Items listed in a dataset
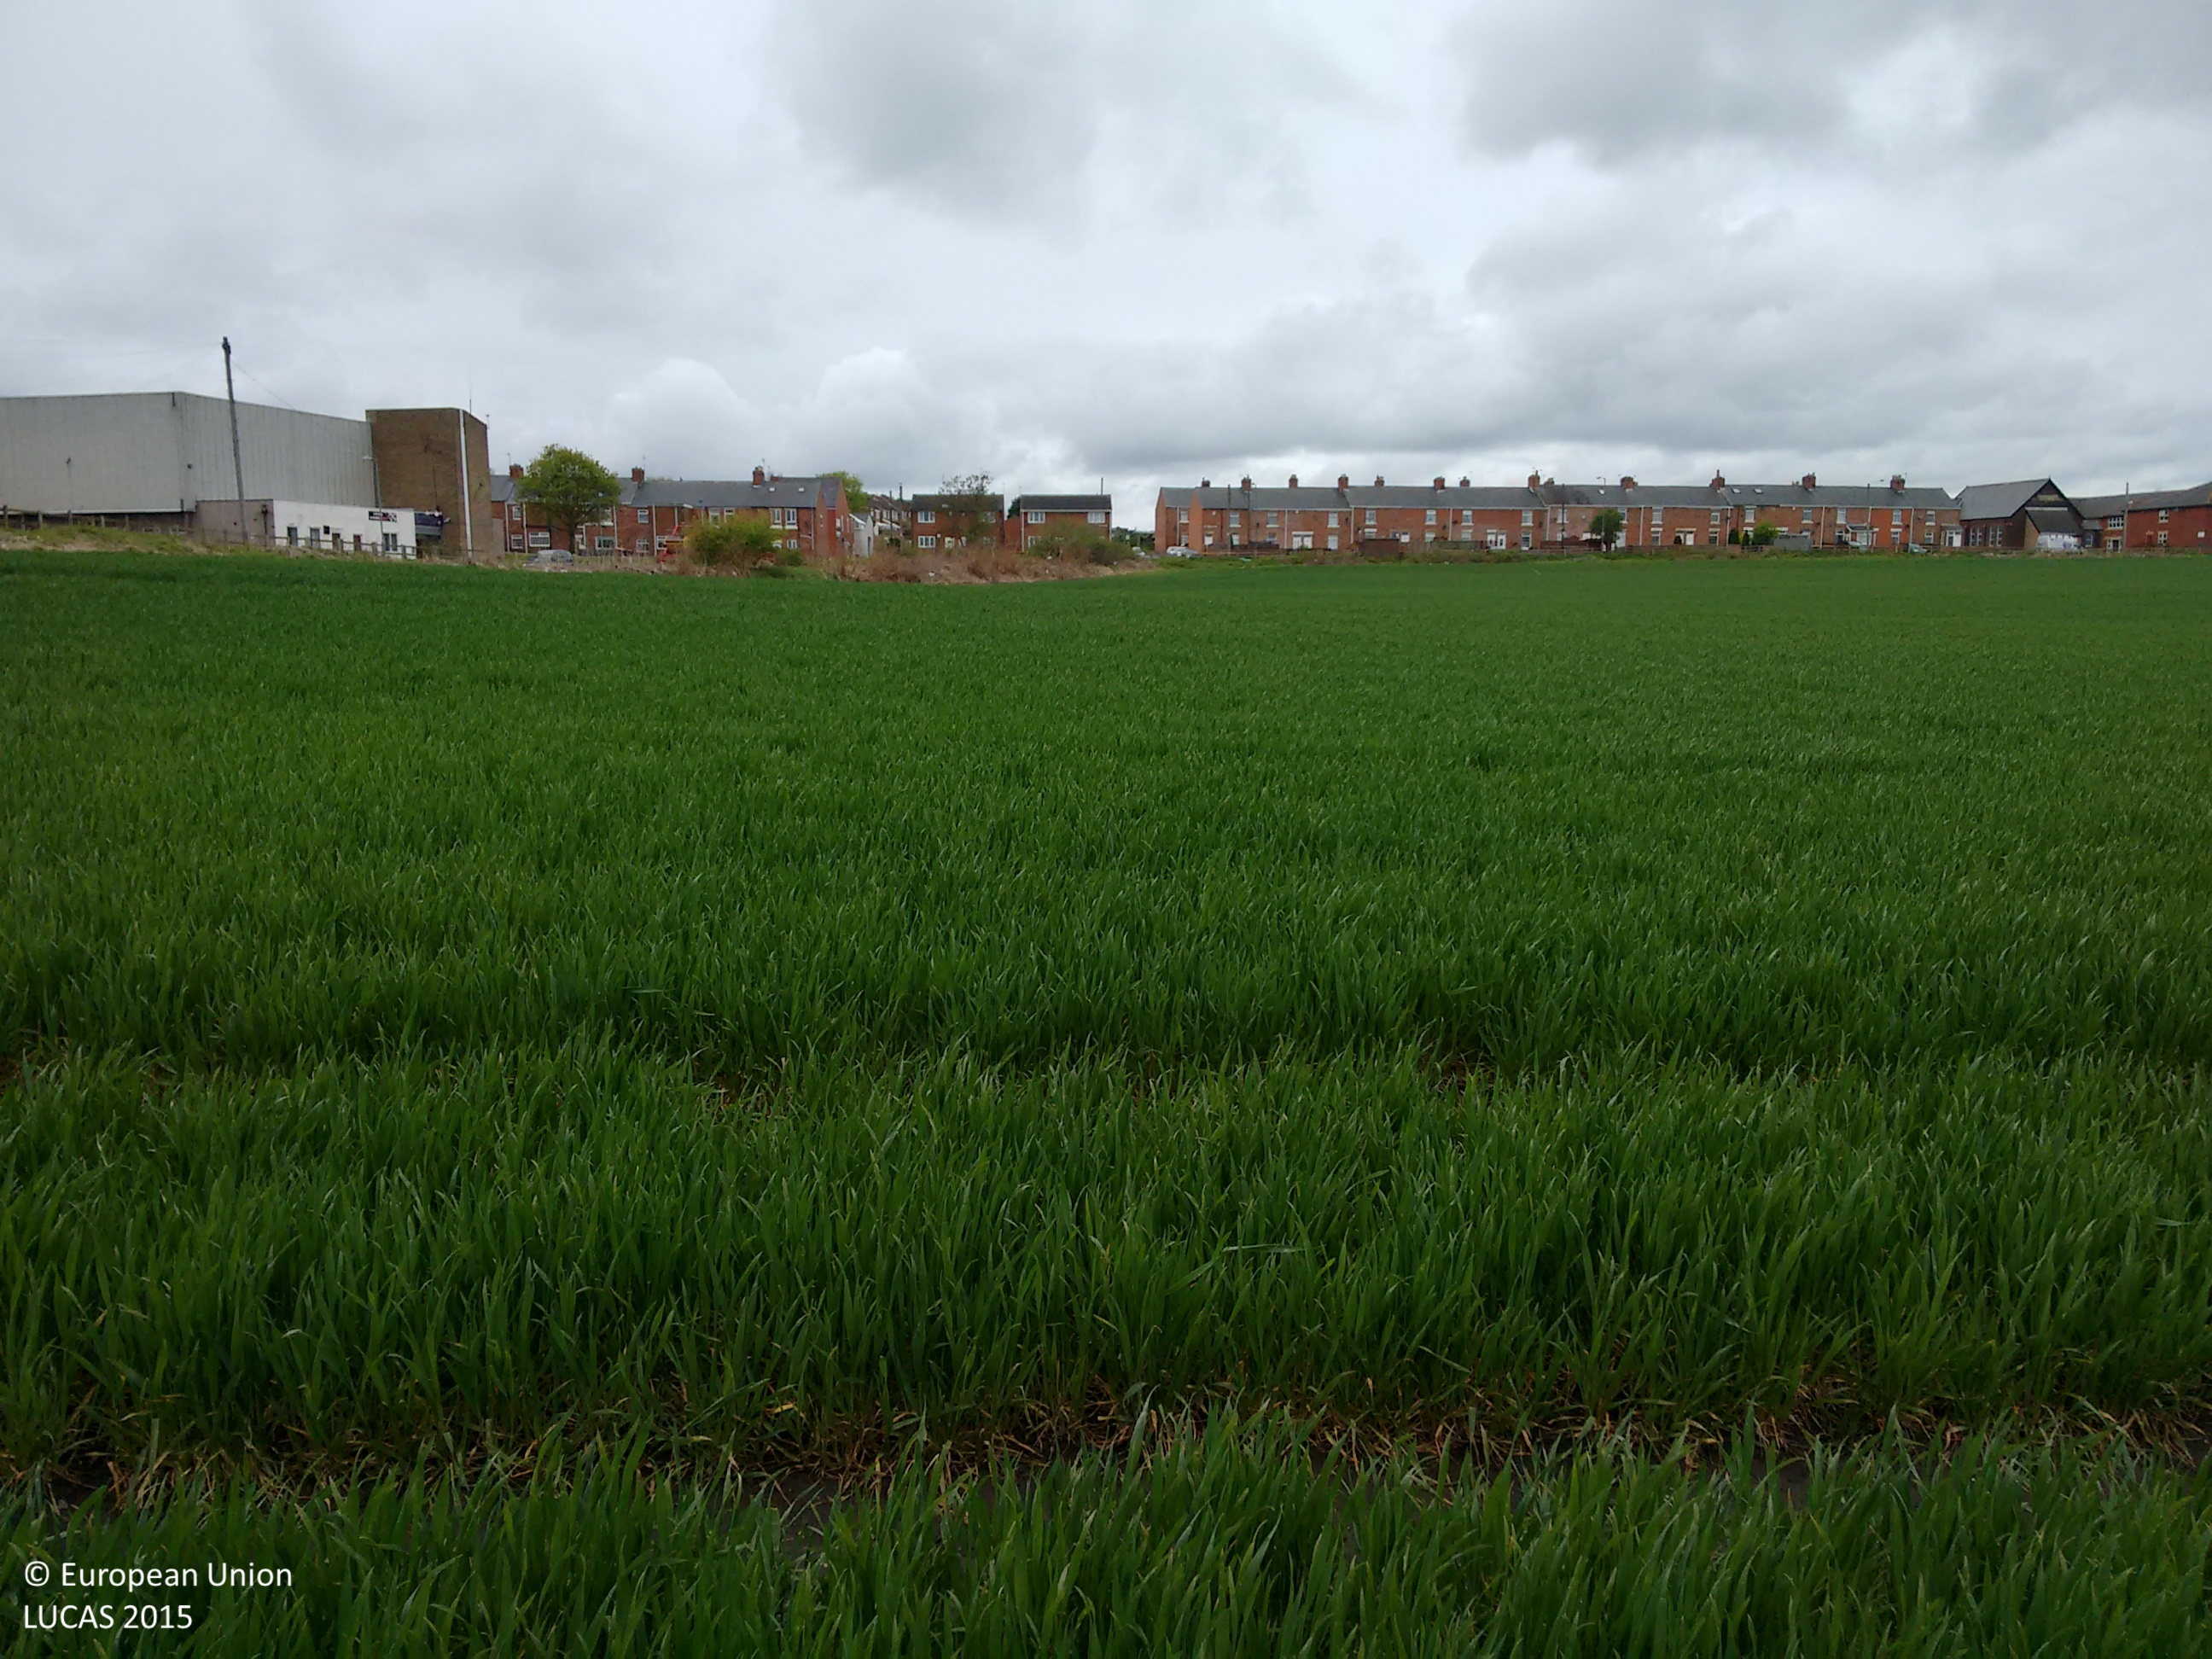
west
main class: Cropland
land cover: Common wheat
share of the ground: > 75 %
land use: Agriculture (excluding fallow land and kitchen gardens)
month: May
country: GB
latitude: 54.8780
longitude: -1.5979
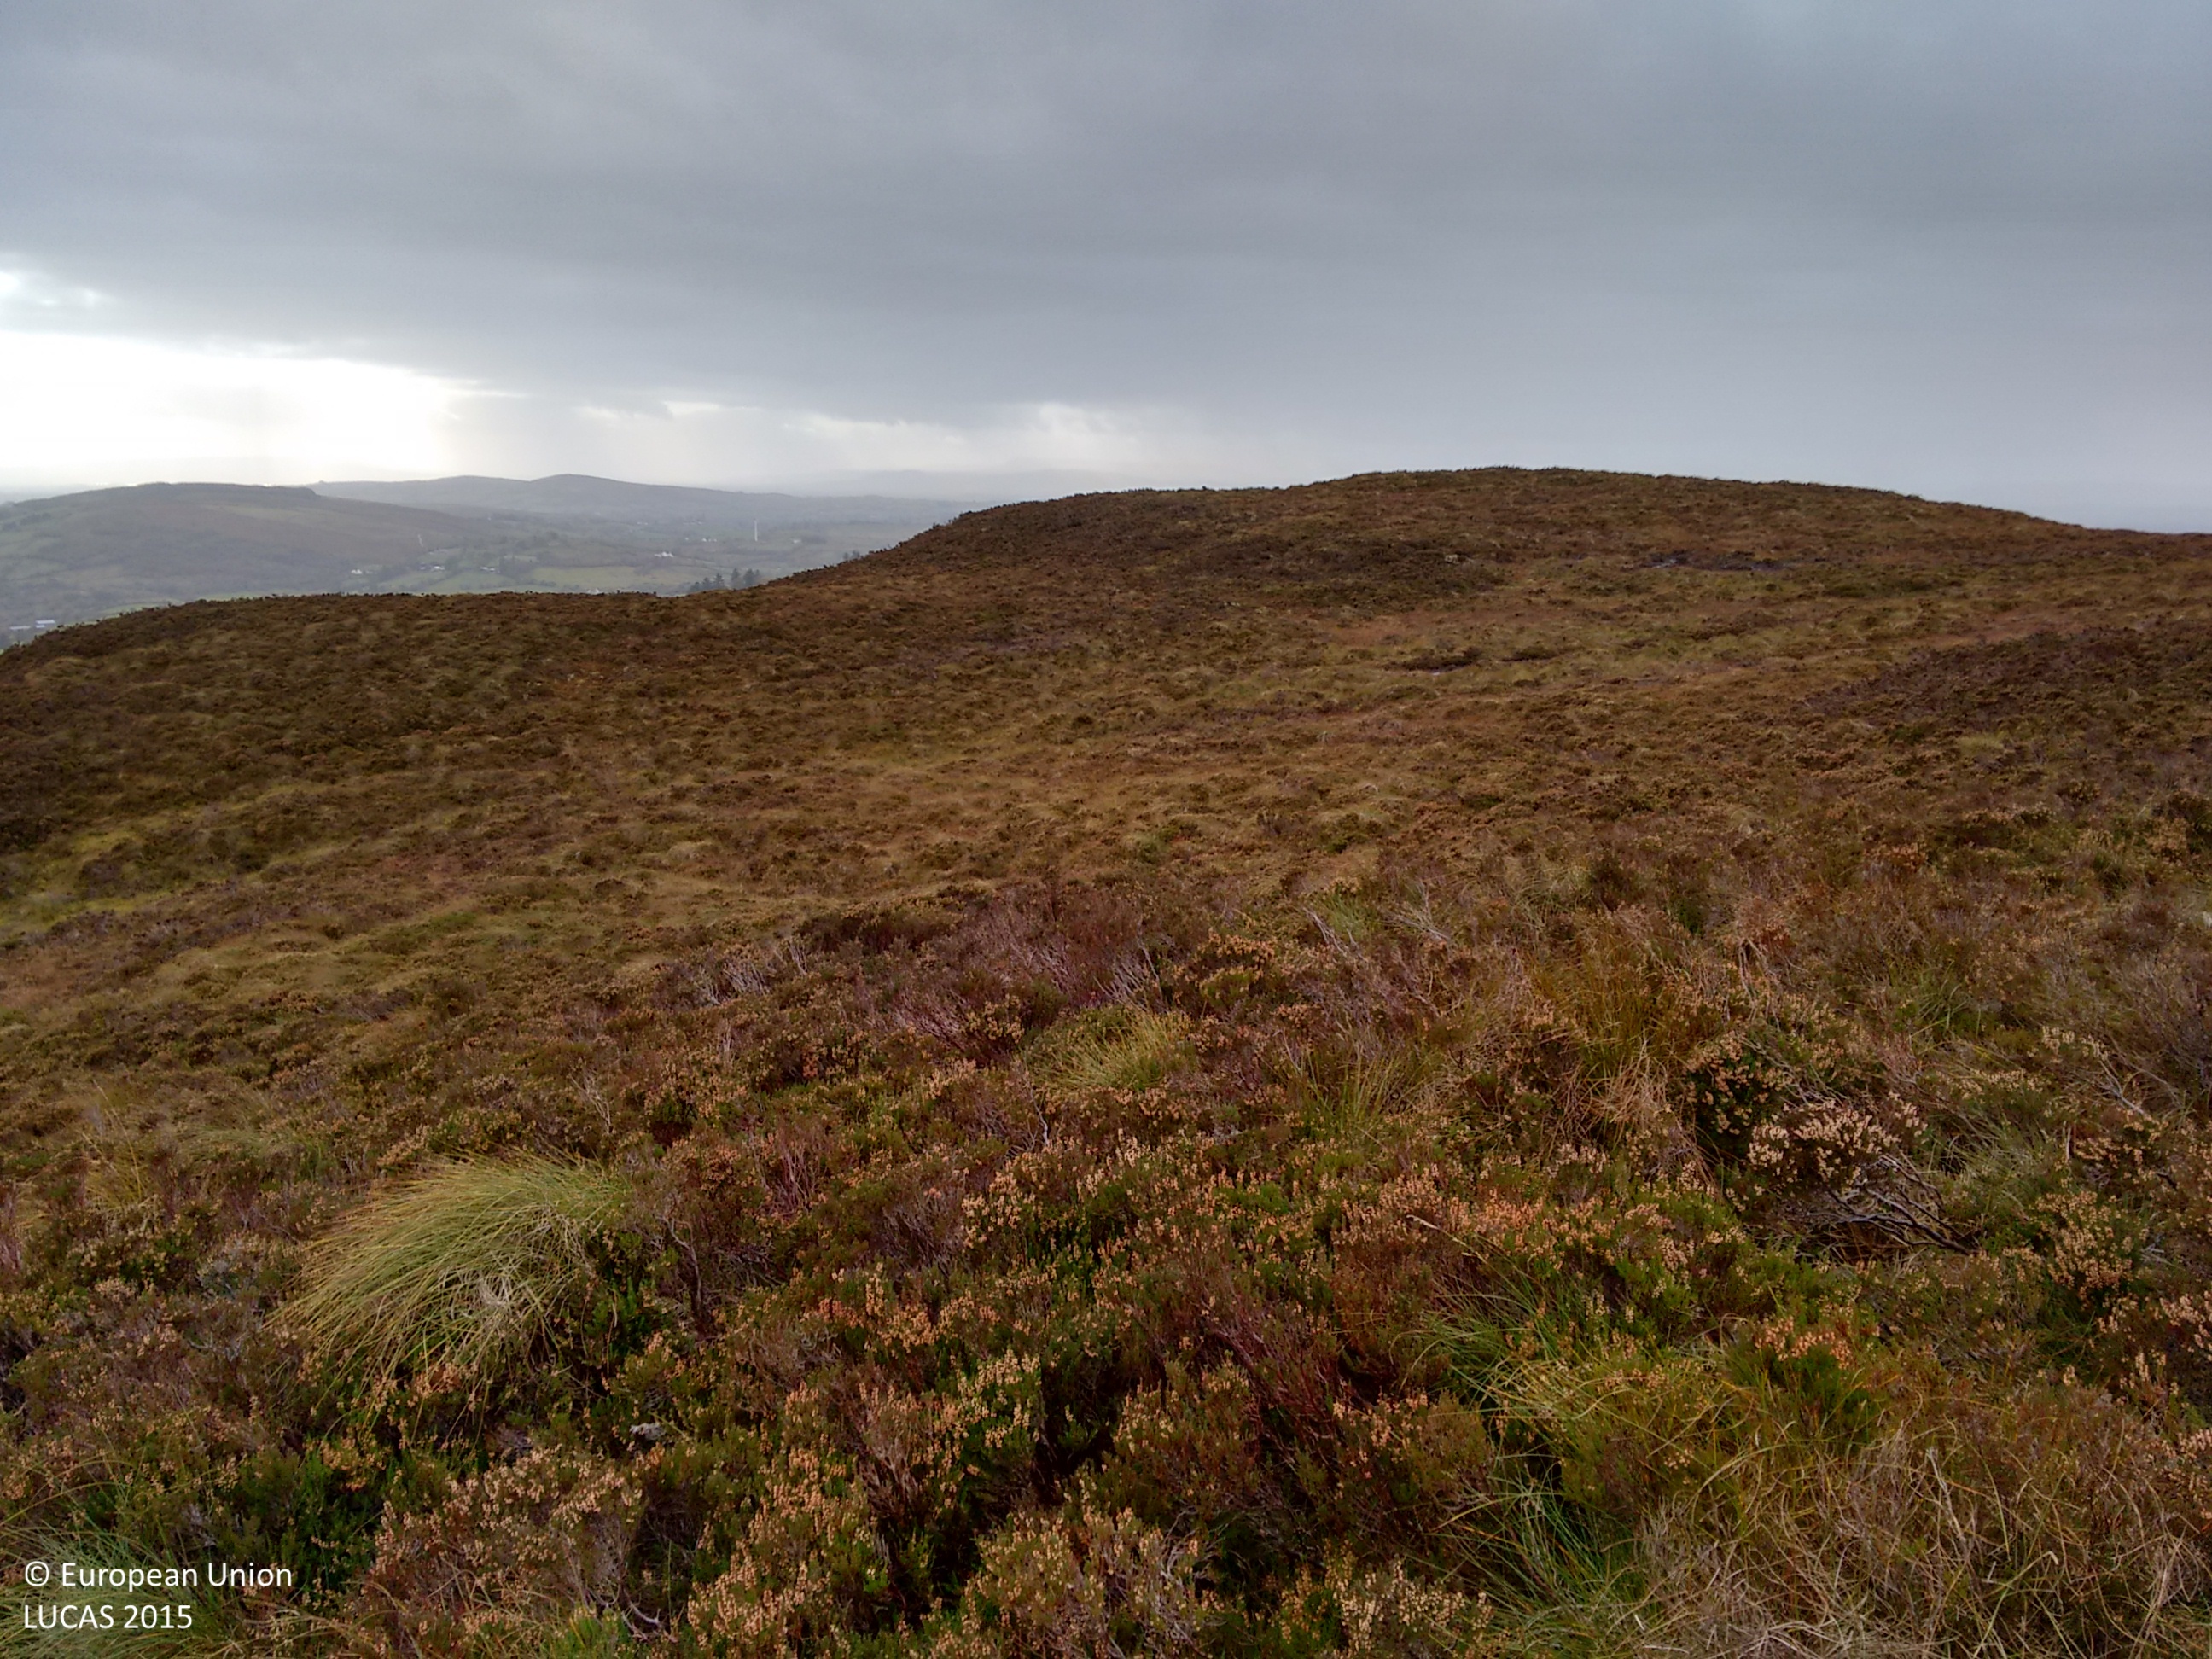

_Task_
Pictures are to be left out when the entries above are repeated exactly.

_Answer space_
west
main class: Cropland
land cover: Common wheat
share of the ground: > 75 %
land use: Agriculture (excluding fallow land and kitchen gardens)
month: May
country: GB
latitude: 54.8780
longitude: -1.5979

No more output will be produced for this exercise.